Clinicians who need to prescribe Griseofulvin for its established indication (most commonly tinea capitis in children, where it remains a guideline-recommended option in some settings) would need to access it through one of the following TGA pathways:
- Special Access Scheme – Category B (SAS-B): For individual patients with a legitimate clinical need
- Authorised Prescriber: For practitioners who regularly treat a particular condition requiring the drug
Safety Considerations
No TGA-approved Product Information (PI) document is available for Griseofulvin in Australia. For prescribing safety information, refer to overseas-approved PI documents (FDA, EMA, or UK SMC). Key known safety considerations from the established pharmacological literature include:
- Teratogenicity: Contraindicated in pregnancy (FDA Category X / ADEC Category D); embryotoxic and teratogenic in animal studies
- Hepatotoxicity: Contraindicated in hepatocellular failure and porphyria
- Photosensitivity: Patients should be advised to avoid excessive sun exposure
- Drug interactions: Reduces efficacy of warfarin (CYP enzyme induction); may reduce efficacy of combined oral contraceptives; potentiates effects of alcohol
- Haematological: Rare agranulocytosis and leucopenia reported — monitoring of FBC may be appropriate with prolonged therapy
Conclusion and Next Steps
Decision: Hold
Rationale: All 10 TxGNN top predictions for Griseofulvin are mechanistically unsupported. The predictions span organisms (fly larvae, tapeworms, protozoa, gram-negative bacteria) and drug class boundaries that Griseofulvin cannot plausibly cross. Notably, the rank 6 prediction (cutaneous candidiasis) represents a case where existing pharmacological evidence actively contradicts the prediction — Griseofulvin’s activity against Candida is well established as negligible. The pattern strongly suggests the model is assigning high scores based on shared knowledge graph neighbourhood (dermatological and infectious disease nodes) rather than true pharmacological relatedness.

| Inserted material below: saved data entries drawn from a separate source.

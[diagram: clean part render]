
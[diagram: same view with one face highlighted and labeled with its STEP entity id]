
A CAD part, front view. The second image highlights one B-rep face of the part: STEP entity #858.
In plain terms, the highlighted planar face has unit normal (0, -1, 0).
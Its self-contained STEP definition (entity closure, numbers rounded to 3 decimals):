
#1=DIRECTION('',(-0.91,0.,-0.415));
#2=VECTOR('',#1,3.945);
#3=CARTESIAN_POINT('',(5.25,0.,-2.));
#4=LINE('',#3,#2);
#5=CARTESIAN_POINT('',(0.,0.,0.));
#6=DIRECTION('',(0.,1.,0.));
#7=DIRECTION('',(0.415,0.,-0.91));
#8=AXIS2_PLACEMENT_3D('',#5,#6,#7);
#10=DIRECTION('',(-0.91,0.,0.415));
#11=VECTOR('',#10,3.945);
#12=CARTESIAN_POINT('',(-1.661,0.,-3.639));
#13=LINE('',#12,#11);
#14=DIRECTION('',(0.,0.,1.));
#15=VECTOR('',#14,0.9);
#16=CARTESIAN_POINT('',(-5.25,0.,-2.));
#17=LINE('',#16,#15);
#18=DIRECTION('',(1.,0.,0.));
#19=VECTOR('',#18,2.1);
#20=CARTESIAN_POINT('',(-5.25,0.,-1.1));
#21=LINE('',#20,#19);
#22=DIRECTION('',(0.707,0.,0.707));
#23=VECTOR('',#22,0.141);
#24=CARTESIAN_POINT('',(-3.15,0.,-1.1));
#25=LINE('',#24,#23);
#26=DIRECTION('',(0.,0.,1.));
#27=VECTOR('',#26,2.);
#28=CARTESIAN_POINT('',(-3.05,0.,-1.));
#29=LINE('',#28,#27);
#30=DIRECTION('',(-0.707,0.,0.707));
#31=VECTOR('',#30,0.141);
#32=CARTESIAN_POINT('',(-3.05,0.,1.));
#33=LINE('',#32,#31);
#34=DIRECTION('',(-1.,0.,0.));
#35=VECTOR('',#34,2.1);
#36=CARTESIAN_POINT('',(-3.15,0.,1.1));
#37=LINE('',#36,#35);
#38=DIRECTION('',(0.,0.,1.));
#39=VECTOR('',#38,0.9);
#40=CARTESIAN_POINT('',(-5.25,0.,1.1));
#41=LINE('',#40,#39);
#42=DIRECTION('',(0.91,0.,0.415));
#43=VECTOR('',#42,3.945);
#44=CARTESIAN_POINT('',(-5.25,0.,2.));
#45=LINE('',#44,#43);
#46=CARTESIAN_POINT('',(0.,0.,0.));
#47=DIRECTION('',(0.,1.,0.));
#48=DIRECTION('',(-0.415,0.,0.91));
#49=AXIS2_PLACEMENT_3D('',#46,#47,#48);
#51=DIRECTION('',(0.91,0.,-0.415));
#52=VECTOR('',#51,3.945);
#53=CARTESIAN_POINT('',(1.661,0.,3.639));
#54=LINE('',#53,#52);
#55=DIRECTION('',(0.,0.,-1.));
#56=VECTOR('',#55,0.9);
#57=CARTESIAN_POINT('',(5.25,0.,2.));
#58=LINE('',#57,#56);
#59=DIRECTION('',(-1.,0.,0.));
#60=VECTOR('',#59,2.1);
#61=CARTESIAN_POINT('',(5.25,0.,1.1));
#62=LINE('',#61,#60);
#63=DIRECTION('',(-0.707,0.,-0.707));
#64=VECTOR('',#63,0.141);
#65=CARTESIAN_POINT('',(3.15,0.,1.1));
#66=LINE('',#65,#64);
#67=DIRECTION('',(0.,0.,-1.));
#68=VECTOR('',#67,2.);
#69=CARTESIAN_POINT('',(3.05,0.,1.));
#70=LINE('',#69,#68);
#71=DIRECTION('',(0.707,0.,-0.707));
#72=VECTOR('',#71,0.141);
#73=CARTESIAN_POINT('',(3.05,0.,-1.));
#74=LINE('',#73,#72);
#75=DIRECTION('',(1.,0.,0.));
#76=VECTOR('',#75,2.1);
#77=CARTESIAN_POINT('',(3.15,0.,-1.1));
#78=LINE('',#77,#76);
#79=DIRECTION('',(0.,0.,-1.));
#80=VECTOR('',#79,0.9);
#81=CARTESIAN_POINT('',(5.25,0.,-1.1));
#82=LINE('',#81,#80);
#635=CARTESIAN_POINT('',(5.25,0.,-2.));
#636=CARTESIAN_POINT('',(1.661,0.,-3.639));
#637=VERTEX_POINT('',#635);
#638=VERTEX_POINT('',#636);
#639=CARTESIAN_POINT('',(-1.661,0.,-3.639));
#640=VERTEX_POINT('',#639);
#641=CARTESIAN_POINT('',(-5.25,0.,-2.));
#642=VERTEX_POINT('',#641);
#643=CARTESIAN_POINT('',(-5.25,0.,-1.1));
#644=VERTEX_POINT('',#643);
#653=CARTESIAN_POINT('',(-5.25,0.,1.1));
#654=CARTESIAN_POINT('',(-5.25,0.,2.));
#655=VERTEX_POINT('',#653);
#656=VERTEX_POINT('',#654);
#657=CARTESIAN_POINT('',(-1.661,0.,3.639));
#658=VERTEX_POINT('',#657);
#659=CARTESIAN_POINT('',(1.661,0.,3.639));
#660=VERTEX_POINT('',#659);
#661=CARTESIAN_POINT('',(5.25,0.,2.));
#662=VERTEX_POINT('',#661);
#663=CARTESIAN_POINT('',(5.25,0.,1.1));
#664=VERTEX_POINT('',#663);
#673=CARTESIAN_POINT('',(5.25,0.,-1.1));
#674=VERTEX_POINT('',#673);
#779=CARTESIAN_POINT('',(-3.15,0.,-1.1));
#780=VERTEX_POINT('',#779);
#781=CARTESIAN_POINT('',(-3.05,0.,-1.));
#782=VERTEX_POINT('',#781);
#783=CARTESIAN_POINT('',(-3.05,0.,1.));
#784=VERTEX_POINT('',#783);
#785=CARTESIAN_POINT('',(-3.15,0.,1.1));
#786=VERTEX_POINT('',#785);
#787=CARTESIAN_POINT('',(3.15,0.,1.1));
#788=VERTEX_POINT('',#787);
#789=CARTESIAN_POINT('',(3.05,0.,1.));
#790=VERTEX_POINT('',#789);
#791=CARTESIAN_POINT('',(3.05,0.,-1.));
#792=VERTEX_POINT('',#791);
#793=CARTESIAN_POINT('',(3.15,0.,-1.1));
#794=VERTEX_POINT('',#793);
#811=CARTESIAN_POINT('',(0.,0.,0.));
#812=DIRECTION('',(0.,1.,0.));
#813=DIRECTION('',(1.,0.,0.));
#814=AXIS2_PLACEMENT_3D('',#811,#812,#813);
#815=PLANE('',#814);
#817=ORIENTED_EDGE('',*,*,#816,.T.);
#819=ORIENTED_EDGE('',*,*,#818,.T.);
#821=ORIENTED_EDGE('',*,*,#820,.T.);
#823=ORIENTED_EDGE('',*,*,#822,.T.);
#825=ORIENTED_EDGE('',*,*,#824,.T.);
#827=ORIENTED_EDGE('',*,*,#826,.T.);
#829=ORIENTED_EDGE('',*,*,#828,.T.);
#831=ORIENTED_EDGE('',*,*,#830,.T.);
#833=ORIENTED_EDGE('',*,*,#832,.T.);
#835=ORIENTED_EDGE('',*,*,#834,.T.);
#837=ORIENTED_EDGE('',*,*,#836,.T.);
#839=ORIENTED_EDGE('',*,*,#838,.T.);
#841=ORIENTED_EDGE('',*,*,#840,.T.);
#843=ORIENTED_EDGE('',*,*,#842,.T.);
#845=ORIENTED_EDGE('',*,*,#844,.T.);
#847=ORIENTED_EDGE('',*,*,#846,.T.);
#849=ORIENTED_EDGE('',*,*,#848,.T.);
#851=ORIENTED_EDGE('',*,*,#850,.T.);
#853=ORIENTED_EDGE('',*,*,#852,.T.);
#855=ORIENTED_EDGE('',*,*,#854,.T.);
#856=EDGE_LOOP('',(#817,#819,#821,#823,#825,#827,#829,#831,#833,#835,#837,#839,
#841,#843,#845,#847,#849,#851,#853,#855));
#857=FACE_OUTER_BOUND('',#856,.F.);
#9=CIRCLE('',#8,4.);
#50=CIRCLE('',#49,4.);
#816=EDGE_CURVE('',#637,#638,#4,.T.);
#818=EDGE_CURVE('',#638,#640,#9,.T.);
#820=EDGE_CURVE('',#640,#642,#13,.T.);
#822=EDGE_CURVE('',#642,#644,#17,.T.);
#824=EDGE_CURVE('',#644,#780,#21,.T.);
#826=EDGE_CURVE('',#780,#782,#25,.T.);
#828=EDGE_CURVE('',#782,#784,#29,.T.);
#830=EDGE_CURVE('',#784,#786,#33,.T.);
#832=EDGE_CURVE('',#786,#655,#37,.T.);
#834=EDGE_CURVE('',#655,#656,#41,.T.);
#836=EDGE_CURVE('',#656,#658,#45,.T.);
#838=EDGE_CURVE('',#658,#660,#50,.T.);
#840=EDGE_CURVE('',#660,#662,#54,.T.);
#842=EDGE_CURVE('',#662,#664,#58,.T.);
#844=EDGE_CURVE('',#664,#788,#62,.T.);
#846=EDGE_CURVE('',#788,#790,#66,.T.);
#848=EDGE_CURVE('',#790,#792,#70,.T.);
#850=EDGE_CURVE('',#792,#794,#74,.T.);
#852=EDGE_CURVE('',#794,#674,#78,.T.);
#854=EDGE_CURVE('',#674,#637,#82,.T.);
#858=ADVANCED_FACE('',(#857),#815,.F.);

To proceed, the following would be needed:
- Retrieve complete DrugBank MOA, toxicity, and interaction data to fulfil identified data gaps (DG001, DG002)
- Review lower-ranked TxGNN predictions beyond the top 10 to identify any dermatophyte-adjacent indications (e.g., specific tinea variants, Majocchi’s granuloma, or onychomycosis subtypes) where a genuine mechanistic case could be made
- If considering access for established indications (tinea capitis), initiate TGA Special Access Scheme (SAS-B) assessment and confirm current international guideline positioning against newer alternatives (Terbinafine, Itraconazole)
- No repurposing investment is recommended on the basis of the current top 10 predictions
Disclaimer
This content is for research purposes only and does not constitute medical advice. Clinical validation is required before any clinical application.